Marin County's water supply could get a healthy boost during wet years if a pipeline project initiated this week by the Marin Municipal Water District Board comes to fruition.

On Tuesday, the board voted to approve a contract for design and engineering work on the Atmospheric River Capture Project, or ARC.

"In the 2021 drought our reservoir levels went really low, so we've spent the last four years doing a strategic water supply assessment," said Lucy Croy, water quality manager for the district.

During the drought, and with only about six months of water left in its reservoirs, the district began to focus on ways to improve water storage capacity, conservation, groundwater banking and, among other things, bringing in additional supplies from the Russian River.

The plan is to build a 36-inch-wide pipeline running a little more than 13 miles from the existing North Marin Aqueduct to Marin Water's Nicasio Reservoir.
The North Marin Aqueduct was built in the 1970s and primarily supplies water from the Russian River in Sonoma County to Novato and environs, but it has also been a supplemental source for Marin Water over the years.

The idea now is to capture up to roughly 3,800 acre feet of water from the Russian River during big storm events, pump it through the aqueduct and the new pipeline connection and into Nicasio Reservoir, which is one of seven reservoirs supplying drinking water to 191,000 people in central and southern Marin County.

An acre foot of water is enough to supply two or three homes for a year.

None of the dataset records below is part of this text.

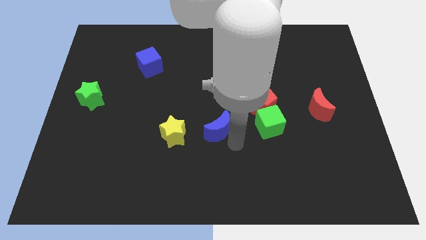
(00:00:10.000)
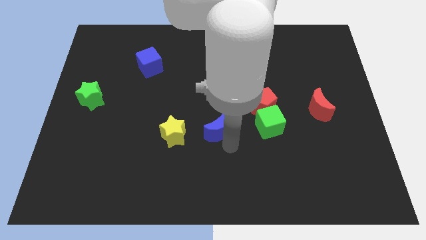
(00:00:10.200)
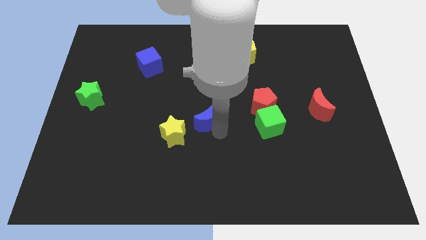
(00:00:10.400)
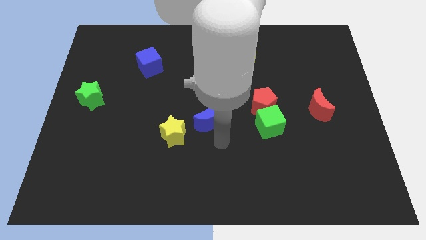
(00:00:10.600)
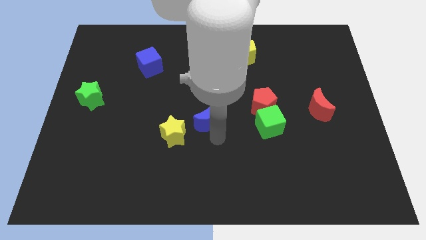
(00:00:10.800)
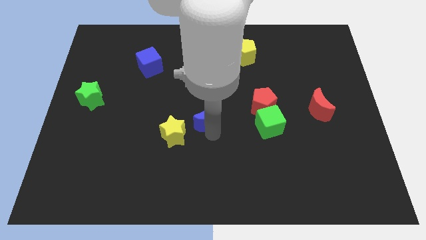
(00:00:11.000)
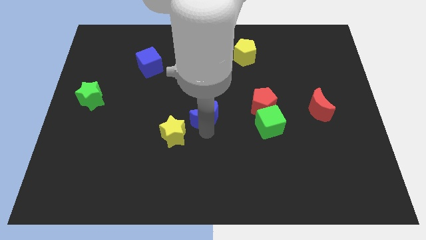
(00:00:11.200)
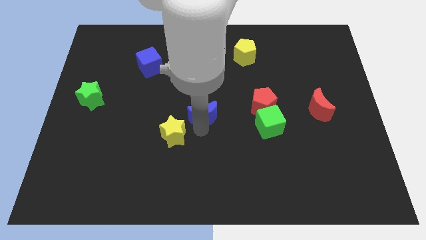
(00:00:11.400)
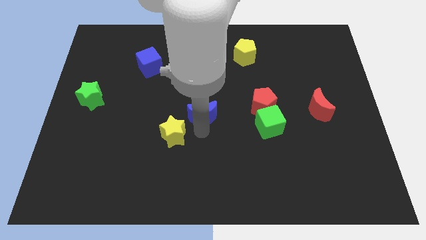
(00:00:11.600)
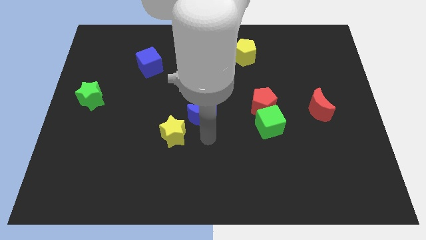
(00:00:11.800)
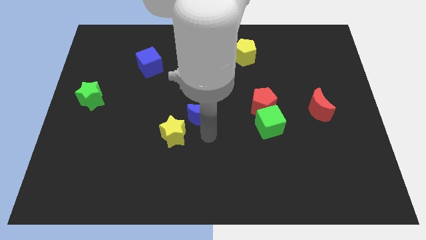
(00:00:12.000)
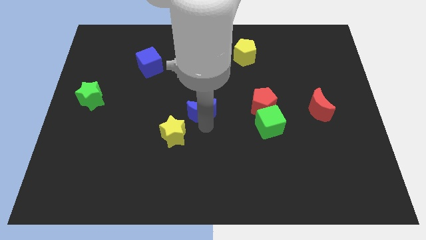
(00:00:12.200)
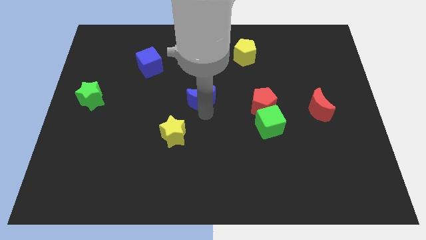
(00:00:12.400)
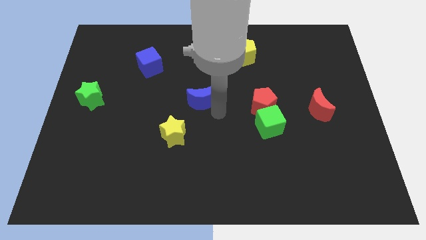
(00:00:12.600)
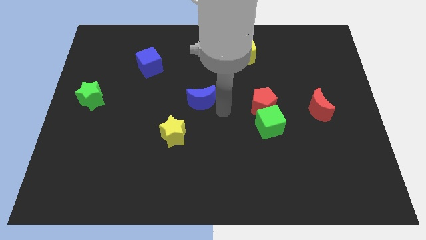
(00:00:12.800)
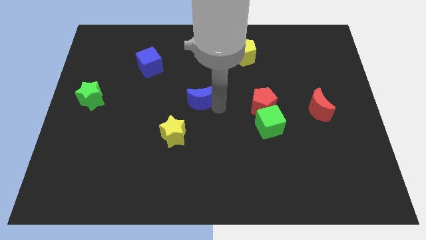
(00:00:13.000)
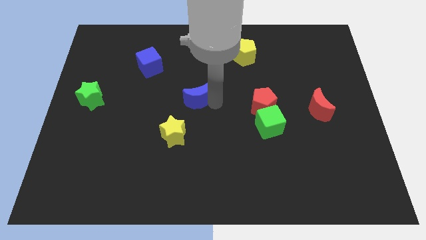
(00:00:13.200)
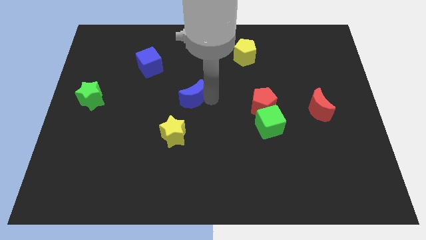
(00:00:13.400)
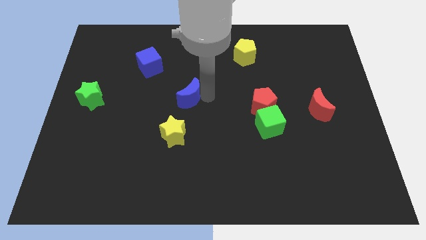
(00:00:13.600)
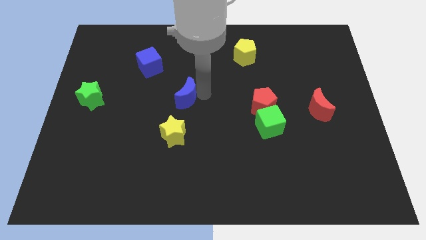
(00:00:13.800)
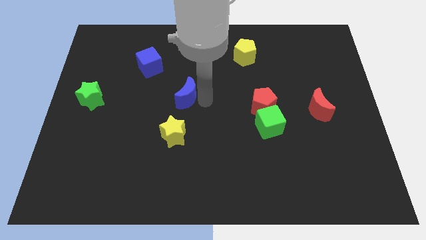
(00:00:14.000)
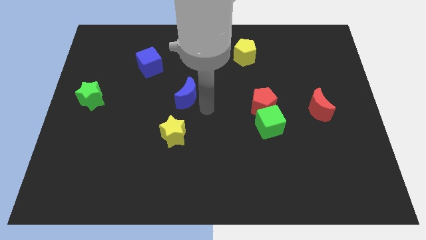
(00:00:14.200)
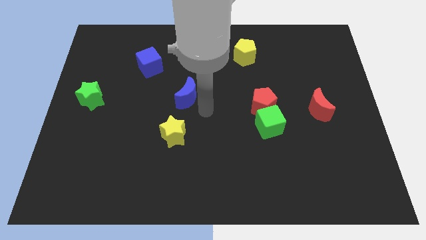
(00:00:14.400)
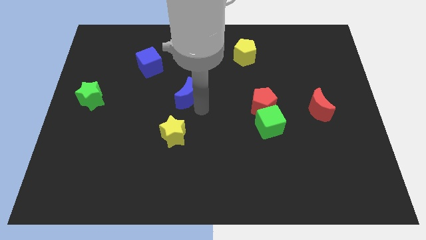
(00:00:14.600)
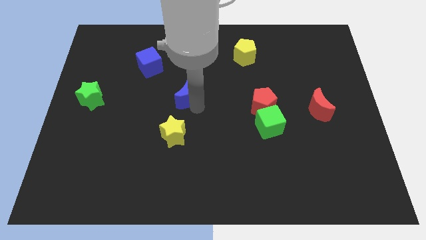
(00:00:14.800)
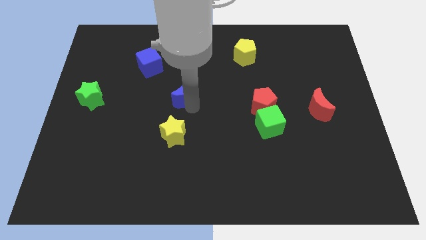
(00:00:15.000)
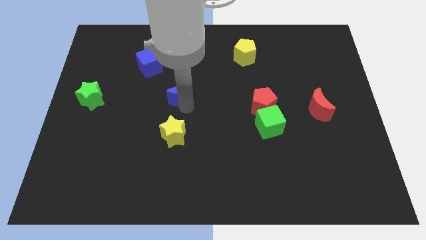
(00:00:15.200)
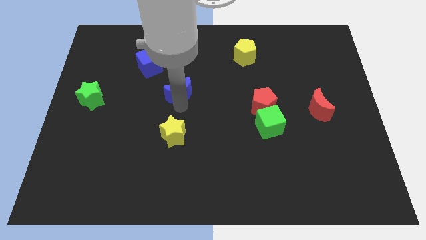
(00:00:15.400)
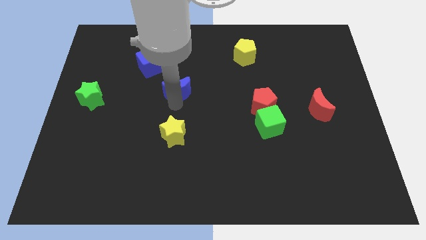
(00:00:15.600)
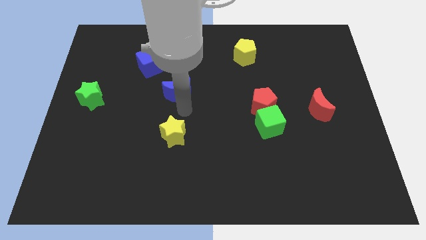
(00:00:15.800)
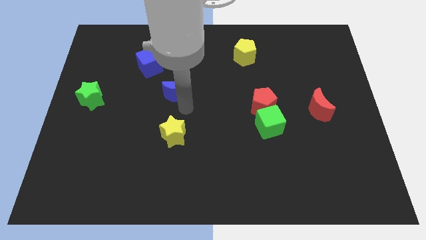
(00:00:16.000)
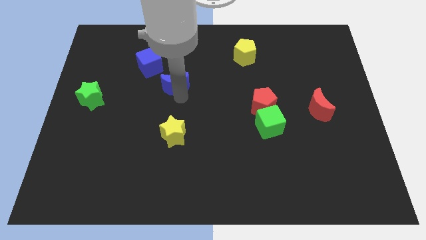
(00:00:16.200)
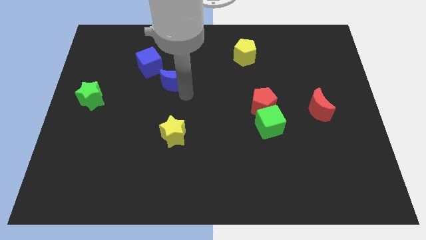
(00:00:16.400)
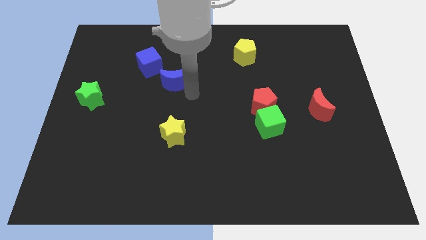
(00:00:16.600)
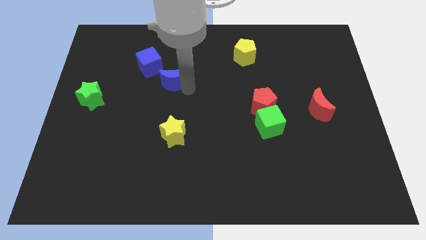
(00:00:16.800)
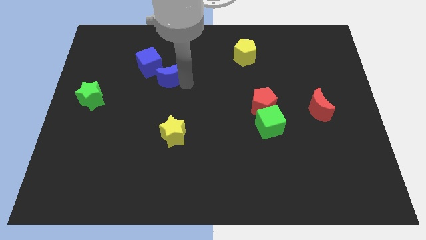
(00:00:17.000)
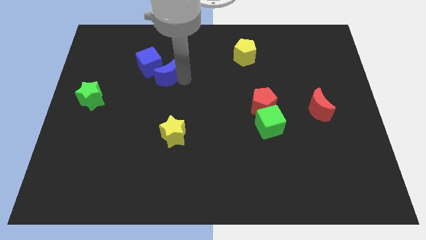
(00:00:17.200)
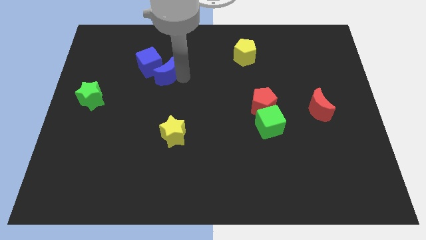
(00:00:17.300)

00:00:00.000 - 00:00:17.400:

"The watershed is so much larger in the Russian River," Croy said. "When we look back on historic data, even in the driest of years, there's still a large volume that flows out to the ocean that is still above any instream flow requirements -- it's water that's more or less lost to the ocean."

Currently, Marin Water gets most of its supply from rainfall in the Mt. Tam watershed area and is unable to connect to the state's two large water storage and conveyance systems -- the federally operated Central Valley Project and California's State Water Project.

The district's ARC project includes the pipeline and a new pumping plant and is estimated at $167 million, including the recently approved $9.7 million design and engineering phase.

"The ideal plan at this point is to work through the design and environmental review over the next two years," Croy said, adding that if all goes well, the project could be up and running by sometime in 2029.

Much of the work will be paid for using bonds, but that shouldn't lead to water price increases for district customers.

"The debt service for the bonds is built into our current rate structure, so we don't anticipate any rate increases due to this," Croy said.

The board will still need to vote publicly on different aspects of the project, including on the selection of a consultant to do the environmental review and then again to accept that work once it's complete.

If it wins final approvals from the board, the project would mark the district's largest water supply project since the early 1980s, when it raised the level of Kent Dam.